US 12,254,893 B2
	Electronic device for recognizing sound and method thereof
Jubum Han, Suwon-si (KR); Hosang Sung, Suwon-si (KR); Yeaseul Song, Suwon-si (KR); and Jeonghoon Lee, Suwon-si (KR)
Assigned to SAMSUNG ELECTRONICS CO., LTD., Suwon-si (KR)
Filed by SAMSUNG ELECTRONICS CO., LTD., Suwon-si (KR)
Filed on Feb. 8, 2023, as Appl. No. 18/107,185.
Application 18/107,185 is a continuation of application No. PCT/KR2023/000604, filed on Jan. 12, 2023.
Claims priority of application No. 10-2022-0032999 (KR), filed on Mar. 16, 2022; and application No. 10-2022-0122409 (KR), filed on Sep. 27, 2022.
Prior Publication US 2023/0298614 A1, Sep. 21, 2023
Int. Cl. G10L 25/51 (2013.01); G10L 15/06 (2013.01); G10L 15/22 (2006.01); G10L 21/12 (2013.01); G10L 21/14 (2013.01); G10L 25/18 (2013.01); G10L 25/30 (2013.01)
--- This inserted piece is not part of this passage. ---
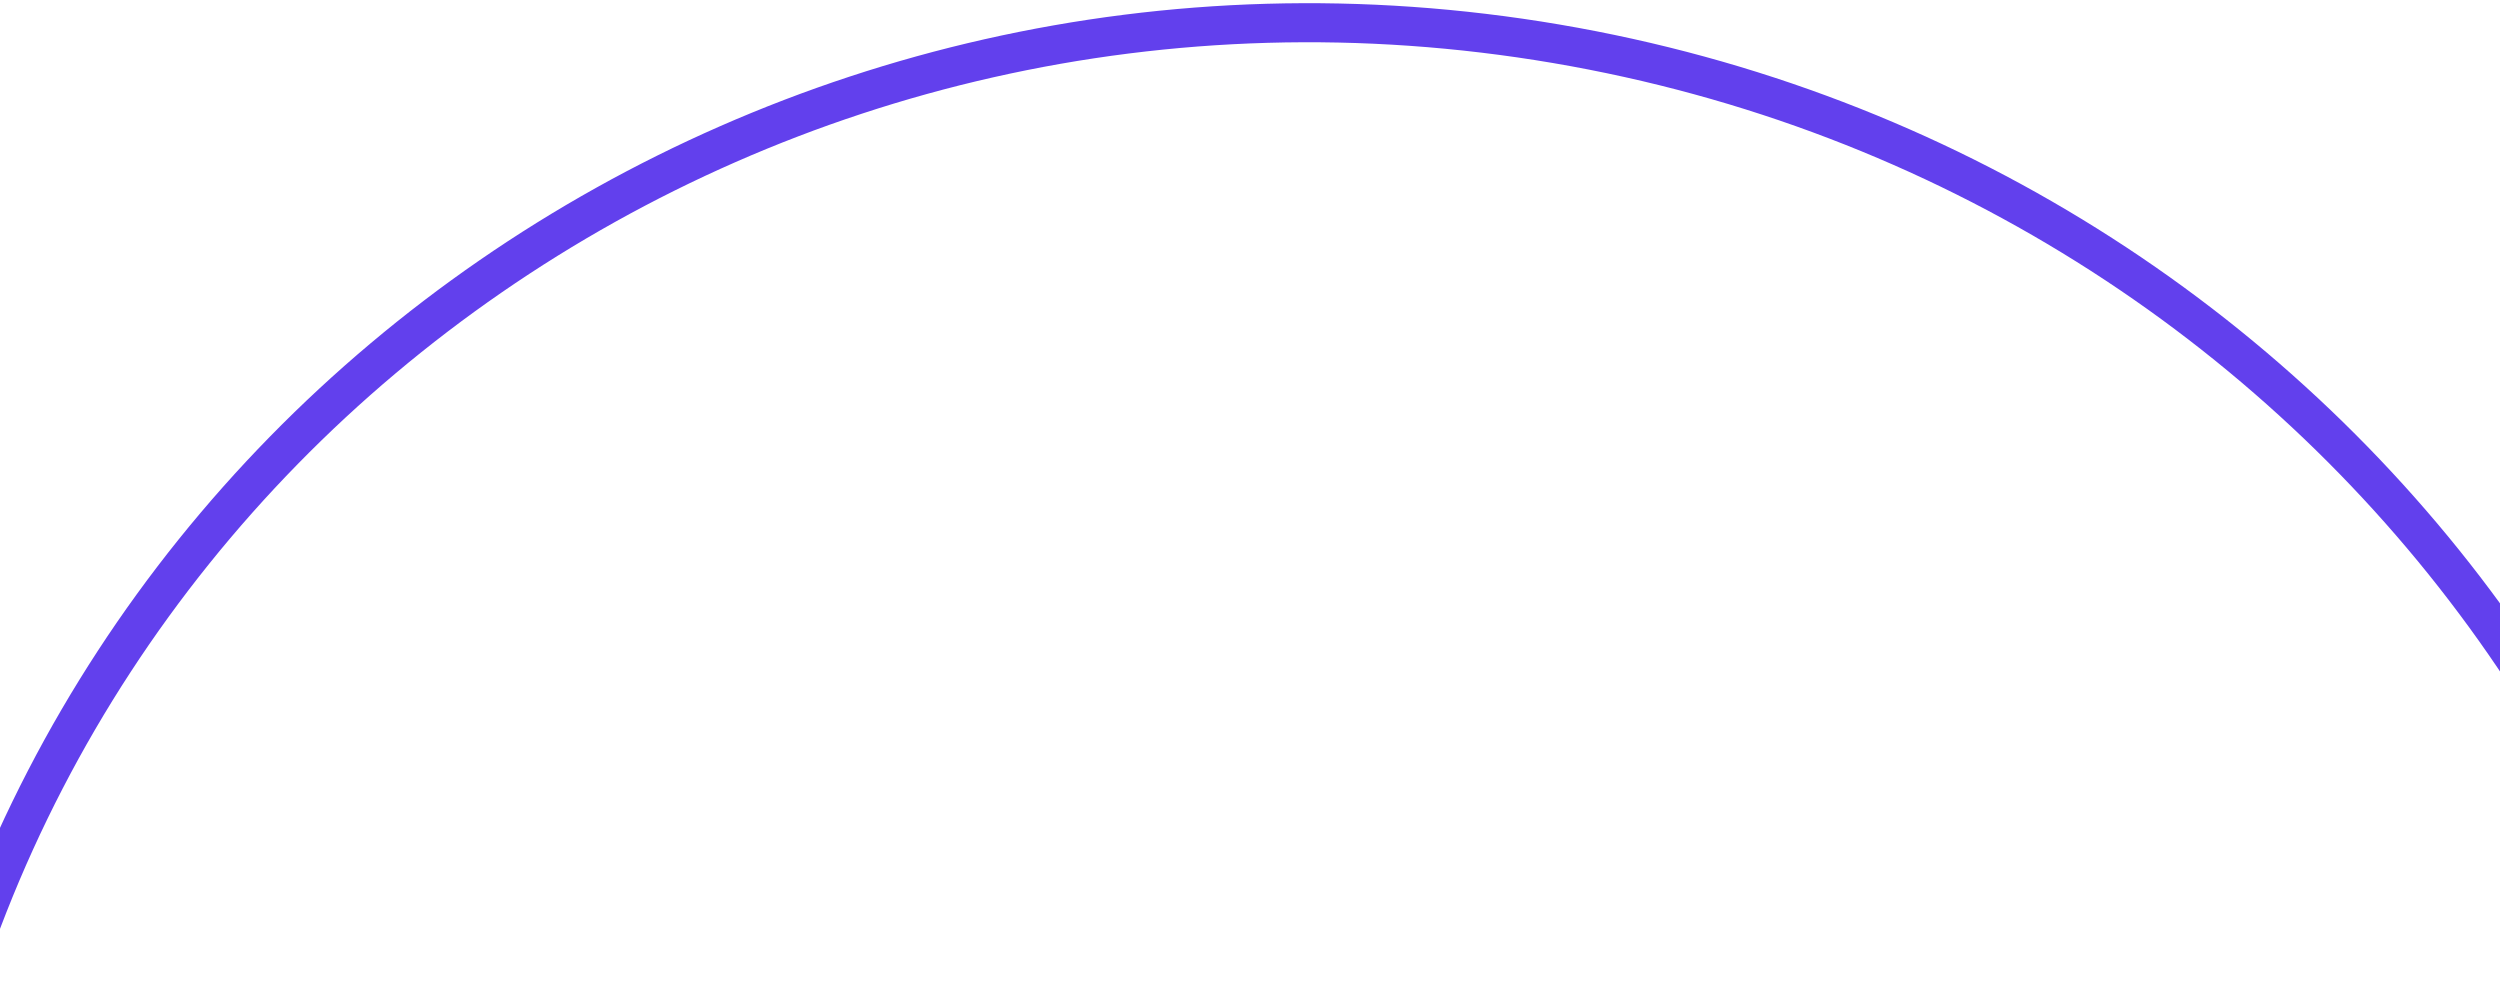 <svg xmlns="http://www.w3.org/2000/svg" width="320" height="129" fill="none"><path stroke="#6240ED" stroke-width="5" d="M139.366 357.13C39.627 340.154-27.712 247.659-11.2 150.648 5.31 53.637 99.46-11.372 199.198 5.603c99.739 16.976 167.078 109.472 150.567 206.483-16.512 97.011-110.66 162.02-210.399 145.044Z"/></svg>

CPC G10L 25/51 (2013.01) [G10L 15/063 (2013.01); G10L 21/12 (2013.01); G10L 21/14 (2013.01); G10L 25/18 (2013.01); G10L 25/30 (2013.01); G10L 15/22 (2013.01); G10L 2015/223 (2013.01)]

15 Claims

1. A sound recognition method comprising:

sampling input sound based on a preset sampling rate; and

performing Fast Fourier Transform (FFT) on the sampled input sound based on at least one of random FFT numbers or random hop lengths, and generating a two-dimensional (2D) feature map, with a time axis and a frequency axis, from the sampled input sound on which FFT is performed,

wherein the generating of the 2D feature map comprises:

transforming the sampled input sound into first FFT data based on at least one of a first FFT number among the random FFT numbers or a first hop length among the random hop lengths, generating a first 2D feature map including a first feature from the first FFT data, transforming the sampled input sound into n^thFFT data based on at least one of an n^thFFT number among the random FFT numbers and an n^thhop length among the random hop lengths, and generating an n^th2D feature map including an n^thfeature from the n^thFFT data, where n is greater than 1; and

training a neural network model, which recognizes sound, with a plurality of 2D feature maps including the first 2D feature map and the n^th2D feature map as training data.